# Boys or girls?



## dragonegg (Oct 2, 2007)

Waffles babies are now 10 days old and fuzzy, adorable, wiggly things. We have 5 hooded ones, 3 darks and one cream colored one. I've been trying to check their little behinds for gender, but it's all so tiny and looks the same to me...I had no trouble determining gender in the pet store, but of course those rats were much older.

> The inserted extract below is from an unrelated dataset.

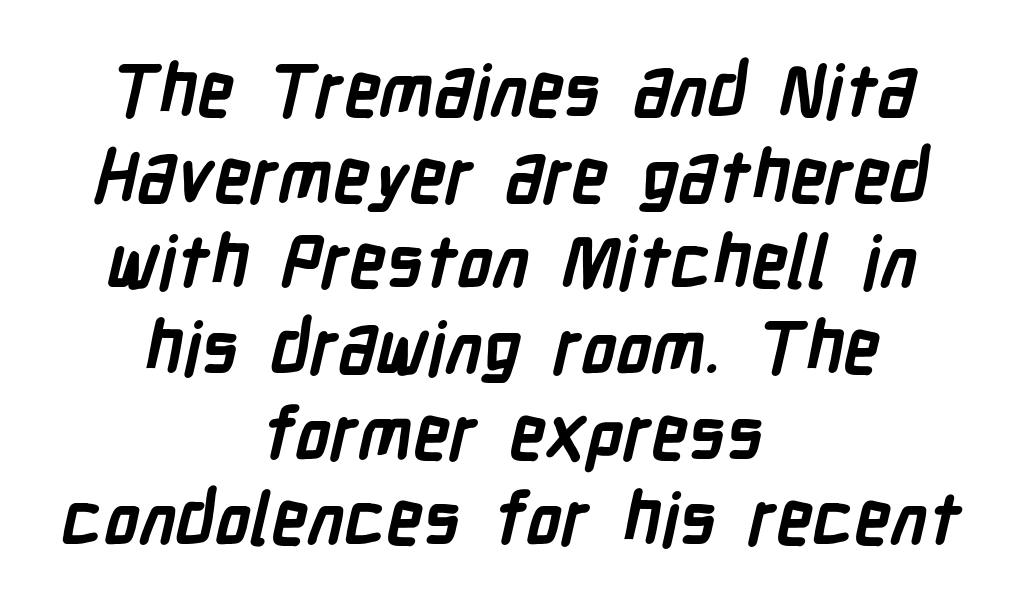
Do the characters align in a grid? No, the font is proportional. Neither beginnings nor endings align; midpoints do. To sum up the face: it is a sans, with no serifs. Emphasis by weight is at full strength: bold. The area under the type is left untouched.
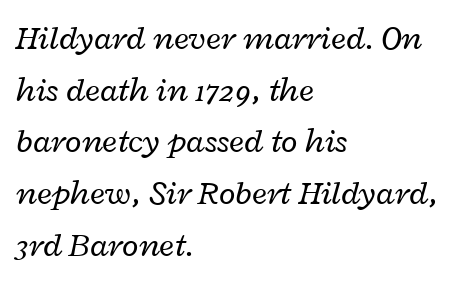
{"italic": "yes", "lean": "right", "slant_degrees": 12, "bold": "no", "weight": "regular", "width": "wide", "stroke_contrast": "low", "x_height": "medium", "monospaced": "no", "underline": "no", "align": "left", "line_spacing": "normal", "line_spacing_ratio": 1.52, "letter_spacing": "normal", "letter_spacing_em": 0.0, "glyph_px": 34}

At what age will it become obvious to someone fairly inexperienced like me if I have boys or girls? I'm keeping two girls, so I'm eager to know which ones I can pick from (and don't want to get too attached to any boys...)


----------



## Kimmiekins (Apr 14, 2007)

Try these links:

http://www.ratz.co.uk/sexingrats.html
http://www.afrma.org/sexing101.htm
http://spoiledratten.com/sexingetc.html


----------



## A1APassion (Jul 29, 2007)

2 to 3 weeks

The boys will be proudly showing off their man-bits by then


----------



## [x]RaeLovesRats[x] (Feb 7, 2008)

:lol: I think you can sex them from 2-4 days old, but it isn't very clean until (Like Julia said above) 2-3 weeks.


----------



## Emster (Dec 9, 2007)

You definitely notice little bauble bauble shapes on the boys as they become fuzzy and start crawling around


----------